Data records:
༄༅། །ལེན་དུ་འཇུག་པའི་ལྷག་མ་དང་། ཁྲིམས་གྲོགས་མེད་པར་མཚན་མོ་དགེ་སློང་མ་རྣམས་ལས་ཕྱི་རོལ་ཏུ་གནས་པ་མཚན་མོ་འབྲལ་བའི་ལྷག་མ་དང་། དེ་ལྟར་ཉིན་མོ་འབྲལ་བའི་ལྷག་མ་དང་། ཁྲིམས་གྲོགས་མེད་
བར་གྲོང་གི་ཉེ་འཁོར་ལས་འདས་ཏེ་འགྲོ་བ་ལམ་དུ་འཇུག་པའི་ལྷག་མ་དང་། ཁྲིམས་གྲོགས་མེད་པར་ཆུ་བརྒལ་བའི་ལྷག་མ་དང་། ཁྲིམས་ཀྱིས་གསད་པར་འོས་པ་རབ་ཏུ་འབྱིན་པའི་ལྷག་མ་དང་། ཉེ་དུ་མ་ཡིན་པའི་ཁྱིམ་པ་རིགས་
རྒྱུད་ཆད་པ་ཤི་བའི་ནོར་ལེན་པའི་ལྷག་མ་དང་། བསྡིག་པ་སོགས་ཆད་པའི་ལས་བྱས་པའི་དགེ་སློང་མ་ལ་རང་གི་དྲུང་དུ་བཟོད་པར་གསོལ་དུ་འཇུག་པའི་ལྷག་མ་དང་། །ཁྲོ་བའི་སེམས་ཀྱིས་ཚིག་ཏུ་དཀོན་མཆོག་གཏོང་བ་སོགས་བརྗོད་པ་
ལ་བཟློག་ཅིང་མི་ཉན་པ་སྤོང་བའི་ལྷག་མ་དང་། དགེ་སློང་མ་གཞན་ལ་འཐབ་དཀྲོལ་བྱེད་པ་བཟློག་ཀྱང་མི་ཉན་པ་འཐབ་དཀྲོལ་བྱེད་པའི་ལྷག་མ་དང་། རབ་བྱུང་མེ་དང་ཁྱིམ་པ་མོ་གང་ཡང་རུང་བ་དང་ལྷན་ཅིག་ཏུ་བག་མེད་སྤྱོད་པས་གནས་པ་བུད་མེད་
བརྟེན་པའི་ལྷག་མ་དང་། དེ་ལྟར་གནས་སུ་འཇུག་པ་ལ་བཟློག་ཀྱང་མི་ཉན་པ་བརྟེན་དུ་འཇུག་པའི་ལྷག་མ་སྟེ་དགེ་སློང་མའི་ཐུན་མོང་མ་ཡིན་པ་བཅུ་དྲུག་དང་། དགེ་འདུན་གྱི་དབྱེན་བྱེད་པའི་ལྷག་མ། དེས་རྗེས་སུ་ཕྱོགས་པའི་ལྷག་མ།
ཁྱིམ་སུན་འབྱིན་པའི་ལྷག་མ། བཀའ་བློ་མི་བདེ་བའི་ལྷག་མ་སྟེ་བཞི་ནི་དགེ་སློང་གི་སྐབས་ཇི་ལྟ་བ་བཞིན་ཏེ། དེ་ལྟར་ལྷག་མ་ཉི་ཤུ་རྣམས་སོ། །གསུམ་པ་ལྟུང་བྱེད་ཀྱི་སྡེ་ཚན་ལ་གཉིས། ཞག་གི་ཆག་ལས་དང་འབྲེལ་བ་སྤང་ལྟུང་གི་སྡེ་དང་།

TASK REQUIREMENTS
Repeat the records above exactly, with nothing left out.

RESULT FOR THIS TASK
༄༅། །ལེན་དུ་འཇུག་པའི་ལྷག་མ་དང་། ཁྲིམས་གྲོགས་མེད་པར་མཚན་མོ་དགེ་སློང་མ་རྣམས་ལས་ཕྱི་རོལ་ཏུ་གནས་པ་མཚན་མོ་འབྲལ་བའི་ལྷག་མ་དང་། དེ་ལྟར་ཉིན་མོ་འབྲལ་བའི་ལྷག་མ་དང་། ཁྲིམས་གྲོགས་མེད་
བར་གྲོང་གི་ཉེ་འཁོར་ལས་འདས་ཏེ་འགྲོ་བ་ལམ་དུ་འཇུག་པའི་ལྷག་མ་དང་། ཁྲིམས་གྲོགས་མེད་པར་ཆུ་བརྒལ་བའི་ལྷག་མ་དང་། ཁྲིམས་ཀྱིས་གསད་པར་འོས་པ་རབ་ཏུ་འབྱིན་པའི་ལྷག་མ་དང་། ཉེ་དུ་མ་ཡིན་པའི་ཁྱིམ་པ་རིགས་
རྒྱུད་ཆད་པ་ཤི་བའི་ནོར་ལེན་པའི་ལྷག་མ་དང་། བསྡིག་པ་སོགས་ཆད་པའི་ལས་བྱས་པའི་དགེ་སློང་མ་ལ་རང་གི་དྲུང་དུ་བཟོད་པར་གསོལ་དུ་འཇུག་པའི་ལྷག་མ་དང་། །ཁྲོ་བའི་སེམས་ཀྱིས་ཚིག་ཏུ་དཀོན་མཆོག་གཏོང་བ་སོགས་བརྗོད་པ་
ལ་བཟློག་ཅིང་མི་ཉན་པ་སྤོང་བའི་ལྷག་མ་དང་། དགེ་སློང་མ་གཞན་ལ་འཐབ་དཀྲོལ་བྱེད་པ་བཟློག་ཀྱང་མི་ཉན་པ་འཐབ་དཀྲོལ་བྱེད་པའི་ལྷག་མ་དང་། རབ་བྱུང་མེ་དང་ཁྱིམ་པ་མོ་གང་ཡང་རུང་བ་དང་ལྷན་ཅིག་ཏུ་བག་མེད་སྤྱོད་པས་གནས་པ་བུད་མེད་
བརྟེན་པའི་ལྷག་མ་དང་། དེ་ལྟར་གནས་སུ་འཇུག་པ་ལ་བཟློག་ཀྱང་མི་ཉན་པ་བརྟེན་དུ་འཇུག་པའི་ལྷག་མ་སྟེ་དགེ་སློང་མའི་ཐུན་མོང་མ་ཡིན་པ་བཅུ་དྲུག་དང་། དགེ་འདུན་གྱི་དབྱེན་བྱེད་པའི་ལྷག་མ། དེས་རྗེས་སུ་ཕྱོགས་པའི་ལྷག་མ།
ཁྱིམ་སུན་འབྱིན་པའི་ལྷག་མ། བཀའ་བློ་མི་བདེ་བའི་ལྷག་མ་སྟེ་བཞི་ནི་དགེ་སློང་གི་སྐབས་ཇི་ལྟ་བ་བཞིན་ཏེ། དེ་ལྟར་ལྷག་མ་ཉི་ཤུ་རྣམས་སོ། །གསུམ་པ་ལྟུང་བྱེད་ཀྱི་སྡེ་ཚན་ལ་གཉིས། ཞག་གི་ཆག་ལས་དང་འབྲེལ་བ་སྤང་ལྟུང་གི་སྡེ་དང་།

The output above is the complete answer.